Para ele, entradas violentas e estresse também geram um enorme desgaste aos atletas. Tanto quanto o excesso de jogos. Muitos deles, contundidos, ficam semanas sem atuar e retornam com pouco ritmo, tendo de, em pouco tempo, jogar em nível máximo, o que pode gerar ainda mais lesões.
— Cabe aos atletas, representados pelo Bom Senso, uma análise profunda e verdadeira sobre estas questões. A preocupação inicial do Bom Senso é melhorar a qualidade do futebol brasileiro e dar melhores condições de trabalho aos jogadores, o que é louvável, mais é preciso um passo ainda mais adiante e dar a devida importância ao preparo psicológico e emocional de quem faz o espetáculo.
Segundo Cozac, na Europa, todos os grandes clubes têm departamentos de Psicologia do Esporte, algo que no Brasil ainda não existe.
— No Brasil, ainda há um preconceito violento por parte dos jogadores em relação ao que é a Psicologia do Esporte moderna. Muitas vezes até se chega à conclusão de que a causa de alguns problemas é emocional, mas praticamente não se toma providência para encarar de maneira verdadeira esta questão.

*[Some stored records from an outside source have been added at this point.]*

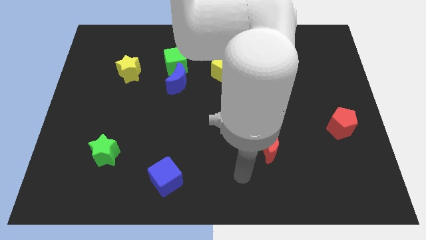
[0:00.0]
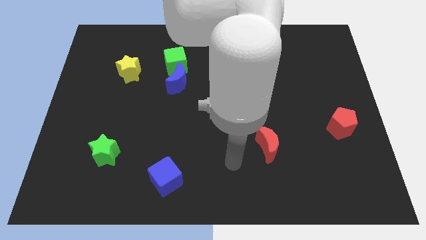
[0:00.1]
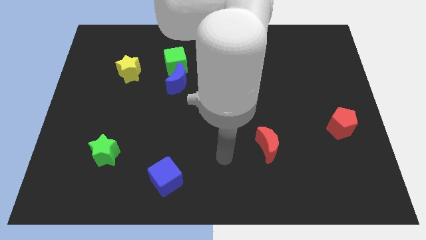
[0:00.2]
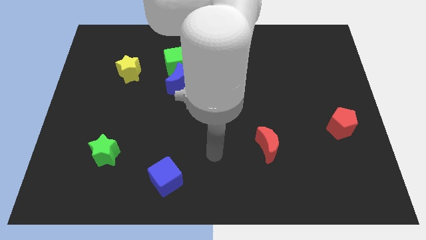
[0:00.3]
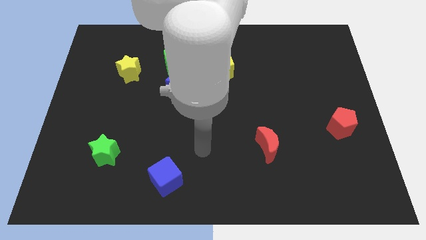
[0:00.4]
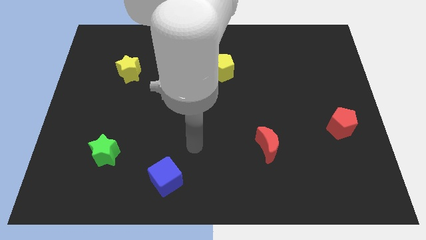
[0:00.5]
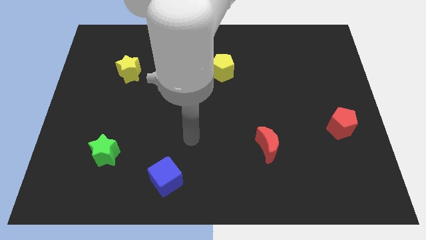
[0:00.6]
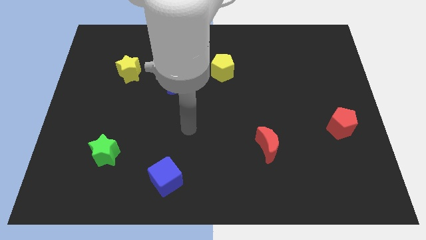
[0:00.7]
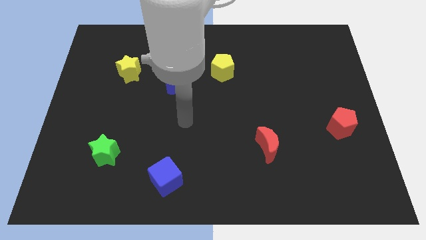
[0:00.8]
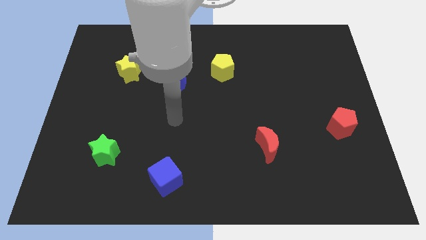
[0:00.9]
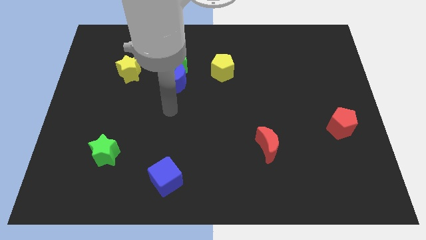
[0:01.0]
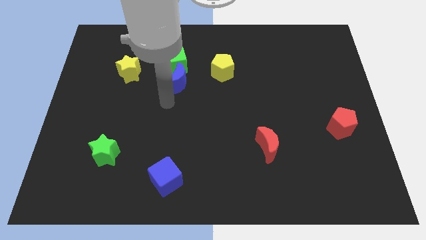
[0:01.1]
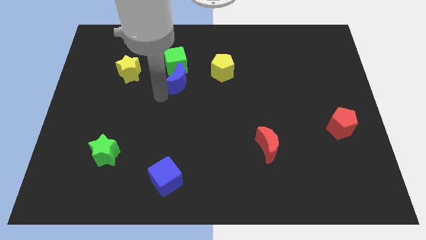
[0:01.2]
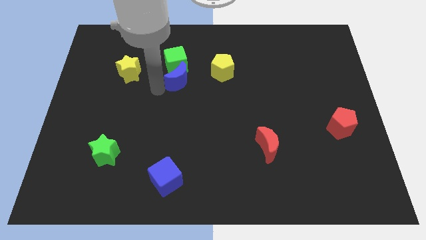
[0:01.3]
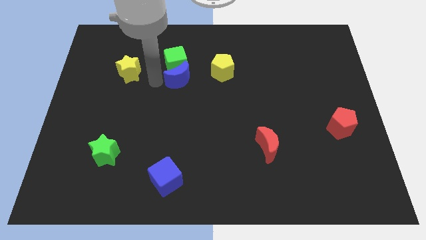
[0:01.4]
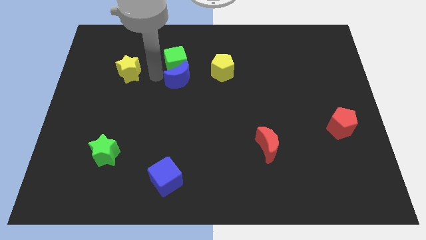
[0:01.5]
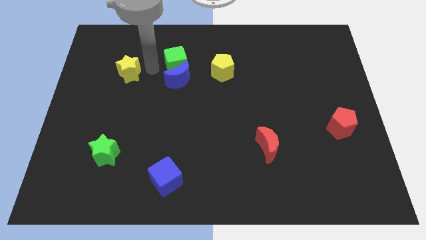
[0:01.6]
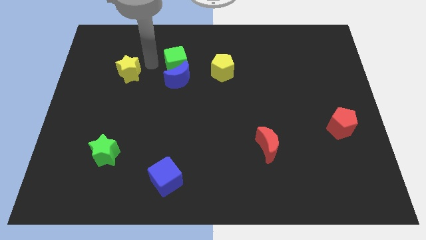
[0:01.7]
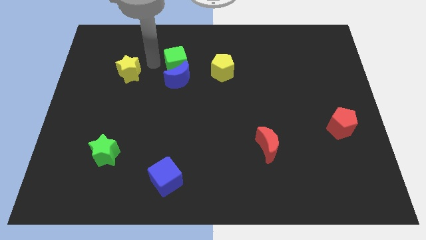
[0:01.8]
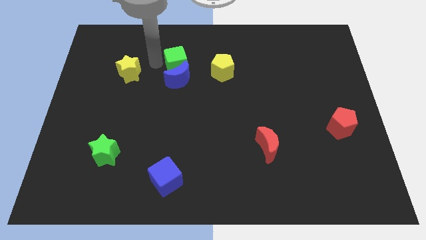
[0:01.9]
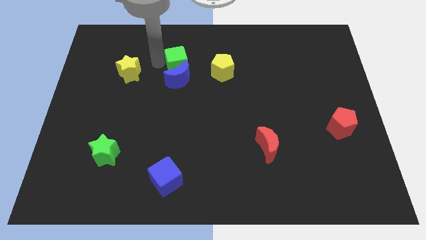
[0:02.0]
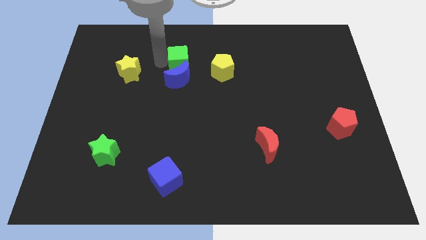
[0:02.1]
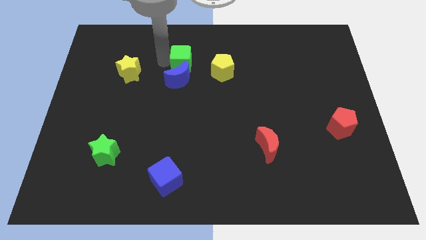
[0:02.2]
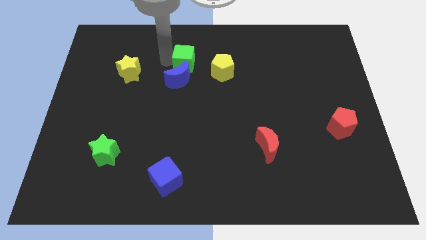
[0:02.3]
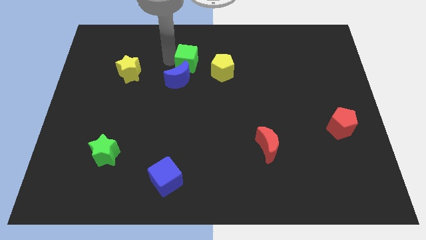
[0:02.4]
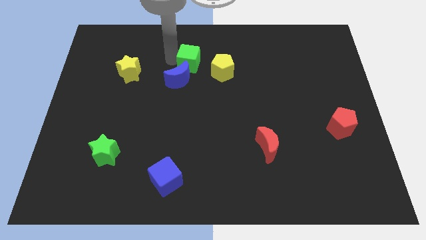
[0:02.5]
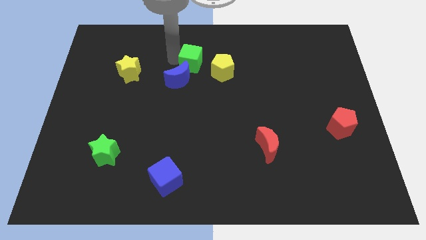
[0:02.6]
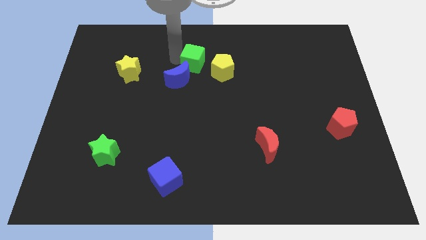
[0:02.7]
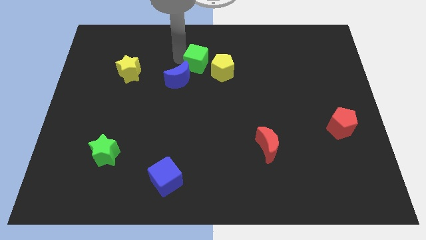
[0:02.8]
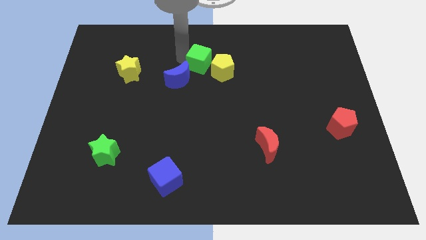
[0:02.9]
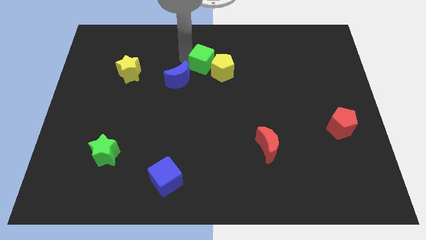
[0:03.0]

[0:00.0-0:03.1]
push the green cube close to the yellow pentagon

Na opinião de Cozac, ainda que dependam de iniciativas de dirigentes e dos técnicos, as soluções para a melhora da conduta passam muito mais pela atitude dos próprios jogadores. Caso contrário, o Bom Senso FC, em vez de colocar a questão da maneira mais realista, inclusive assumindo a responsabilidade da parte que o grupo representa, repetirá a famosa frase do filósofo francês Jean-Paul Sartre (1905-1980): "O inferno são os outros".